Hydrate Your Skin — and Yourself

When you reach for that post-shower moisturizer — a key to helping your body heal and easing dry skin — pick a water-based emollient that contains skin-soothing aloe vera or soy, as well as skin-strengthening vitamins C or E. Steer clear of potential irritants such as lidocaine or benzocaine, and avoid petroleum, which smothers skin and traps in heat. Throughout the day, increase your water intake to keep your body hydrated inside and out — feel free to spice up your hydration with juice and sports drinks too.
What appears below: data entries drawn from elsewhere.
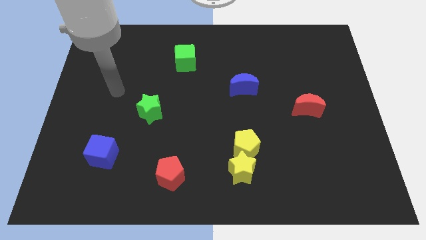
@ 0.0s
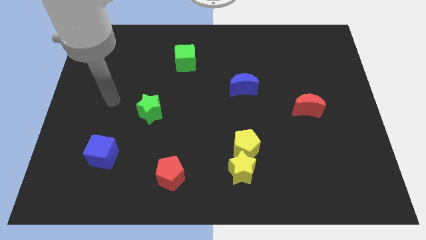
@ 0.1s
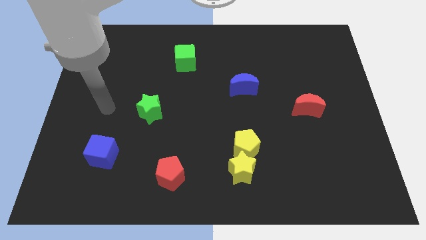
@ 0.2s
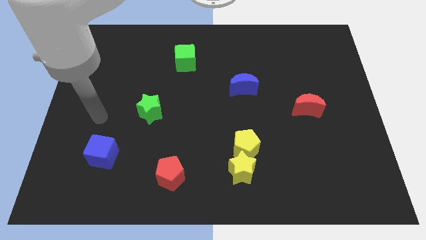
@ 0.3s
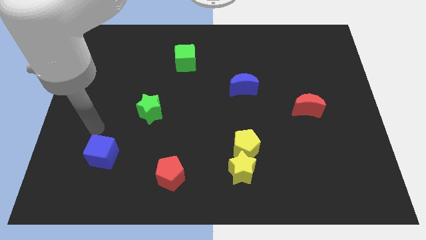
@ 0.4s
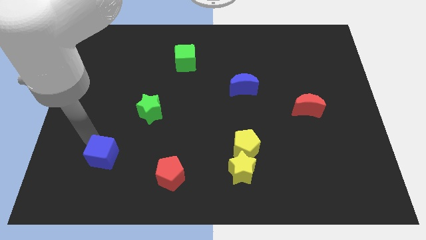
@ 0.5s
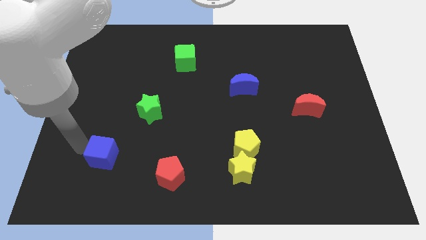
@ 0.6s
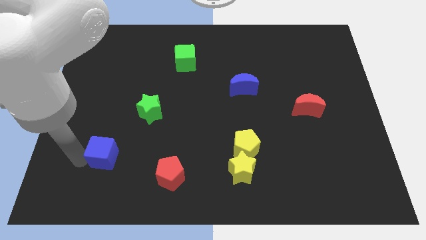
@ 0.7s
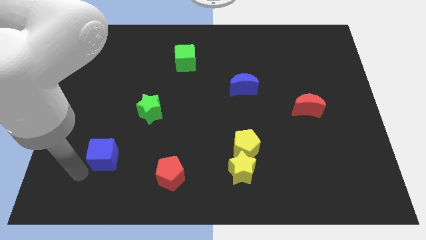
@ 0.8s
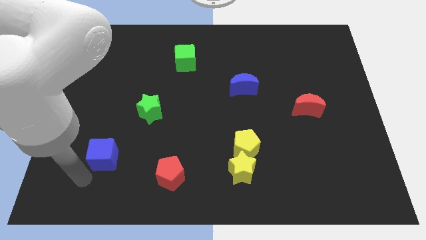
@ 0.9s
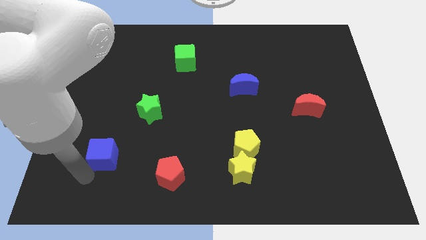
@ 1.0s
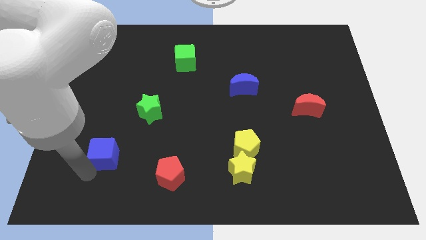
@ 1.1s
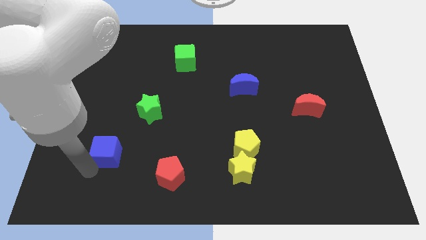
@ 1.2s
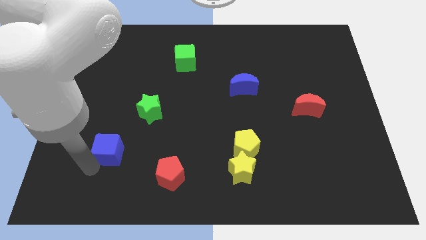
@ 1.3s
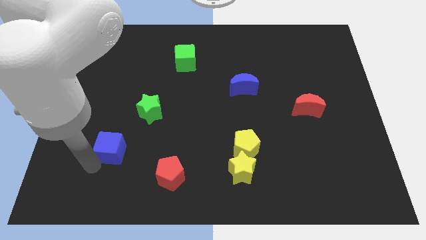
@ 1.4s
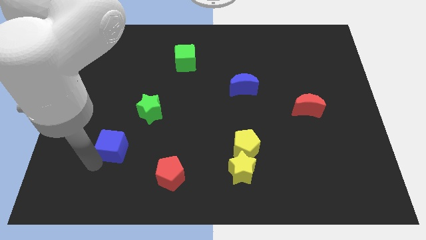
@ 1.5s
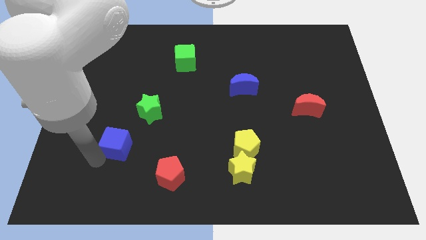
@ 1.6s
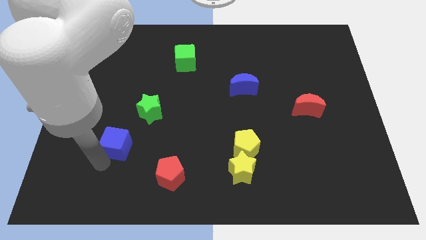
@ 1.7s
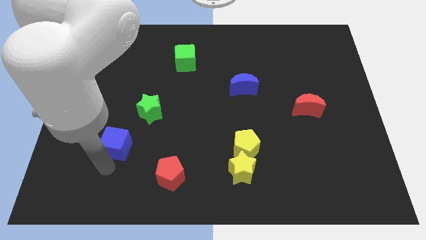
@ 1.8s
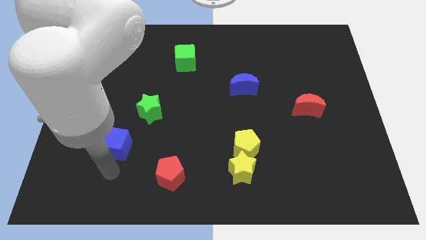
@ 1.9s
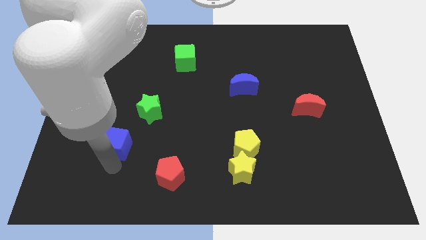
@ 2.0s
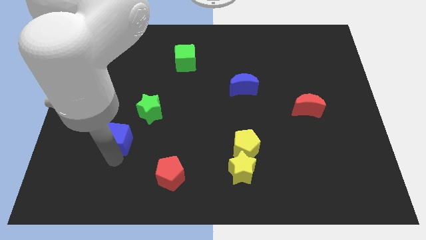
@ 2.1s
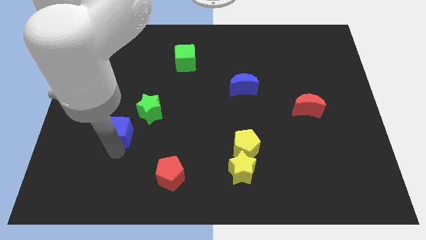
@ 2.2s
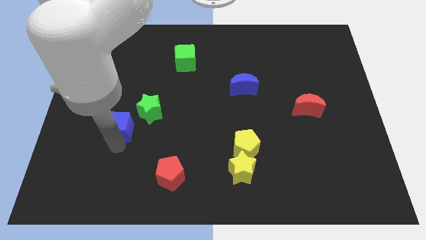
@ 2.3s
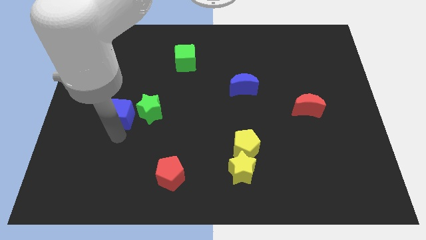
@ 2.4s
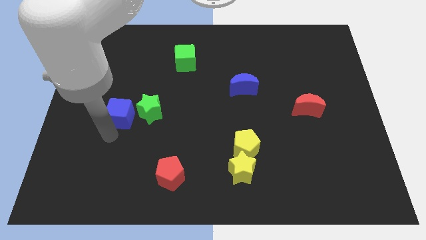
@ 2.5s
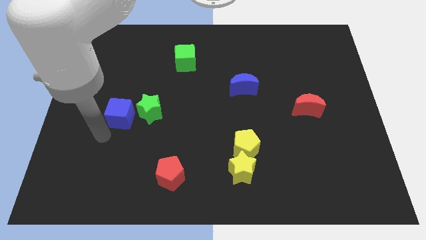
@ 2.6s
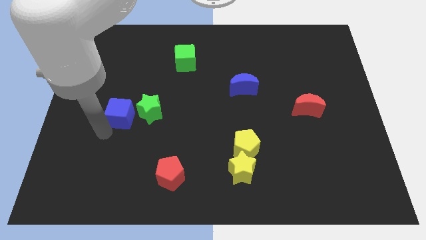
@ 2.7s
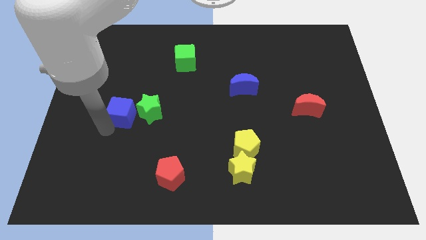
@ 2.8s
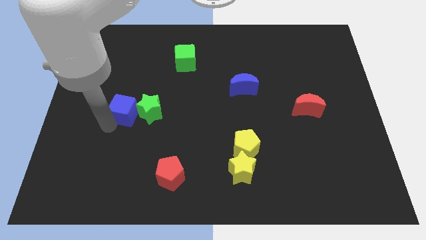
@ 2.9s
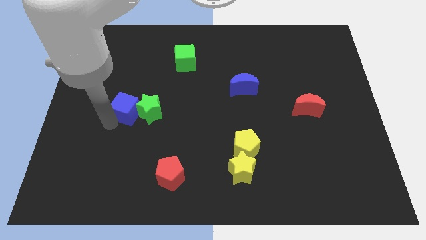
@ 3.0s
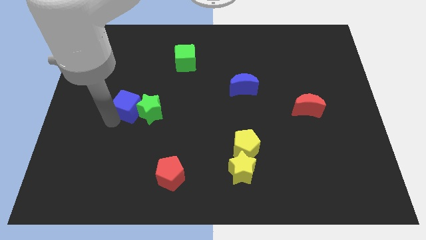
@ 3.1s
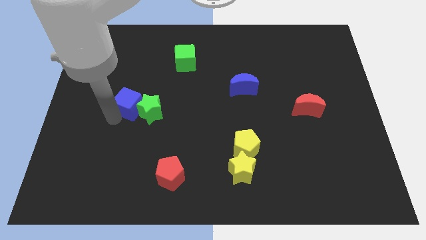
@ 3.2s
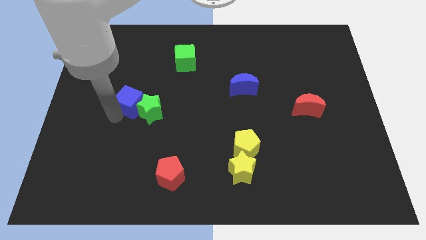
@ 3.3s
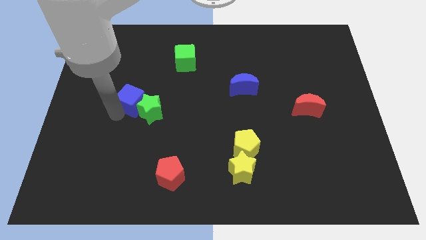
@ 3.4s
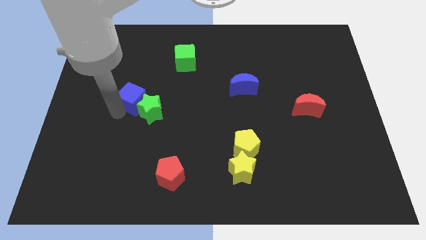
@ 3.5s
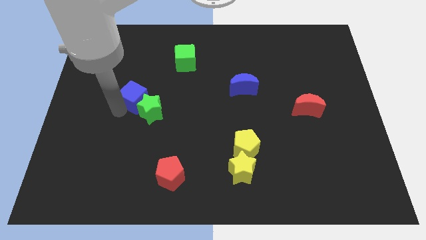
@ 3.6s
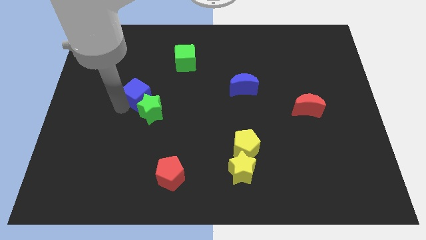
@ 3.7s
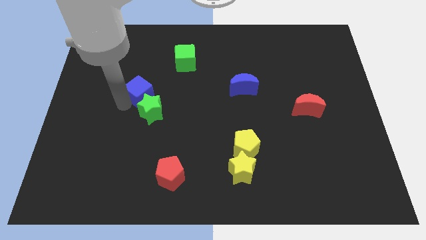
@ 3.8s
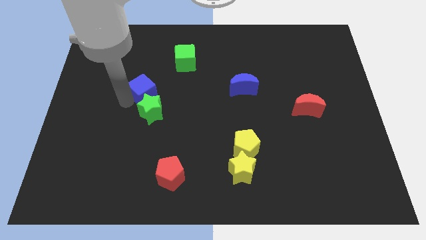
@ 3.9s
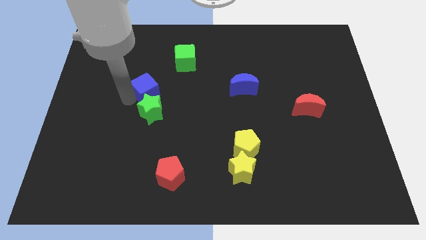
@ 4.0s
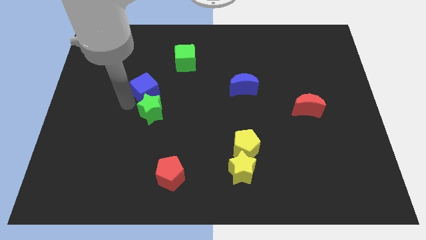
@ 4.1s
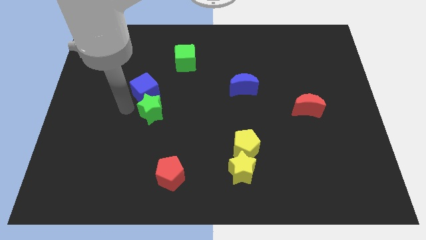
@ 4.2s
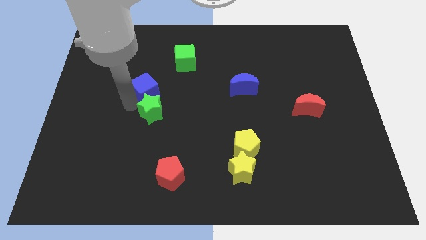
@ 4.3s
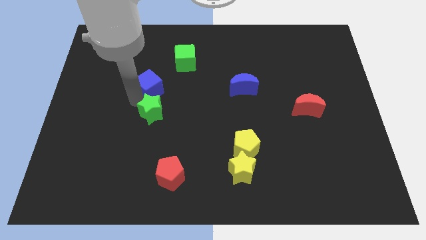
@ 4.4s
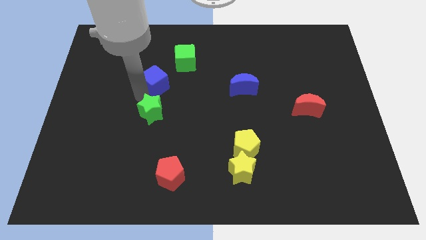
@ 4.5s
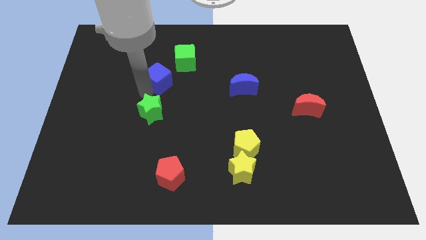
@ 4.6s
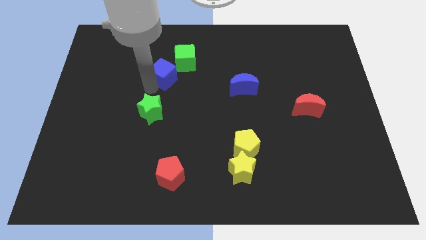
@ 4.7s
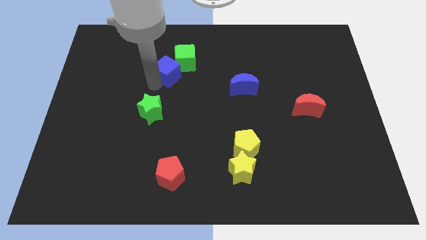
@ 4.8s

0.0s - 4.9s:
put the blue cube towards the green cube

For particularly painful spots, a bit of nonprescription hydrocortisone cream can be a big help, while anti-inflammatory ibuprofen cuts back on discomfort, redness and swelling.

What Not to Do

Never pick or pop blisters that occur as a result of sunburn. As unsightly as they are, blisters actually help along the healing process and shield your skin from infection. Likewise, don't scrub your skin roughly or peel away dry patches, both of which are bad habits that prolong the healing process. Avoid further sun exposure as your skin recuperates. If you do step outside, cover up with long, tightly knit clothes and a wide-brimmed hat, and apply a moisturizing sunscreen of SPF 30 or higher.

Read the Signs

A bad sunburn may be a sign that your UV-protection routine isn't up to par. In the future, protect your skin with sun-shielding clothing and daily application of SPF 30 sunscreen, reapplied at least every two hours. Use about an ounce of sunscreen for your entire body. If your sunburn makes you feel queasy, imbalanced or weak, visit your dermatologist as soon as possible. Blistering from your burn on more than 20 percent of the body, dry mouth, increased thirstiness, headaches, reduced urination and drowsiness are also signs of trouble — leave the treatment of serious sunburns to the professionals.

This article has been reviewed by board-certified dermatologist Dr. Emmy Graber.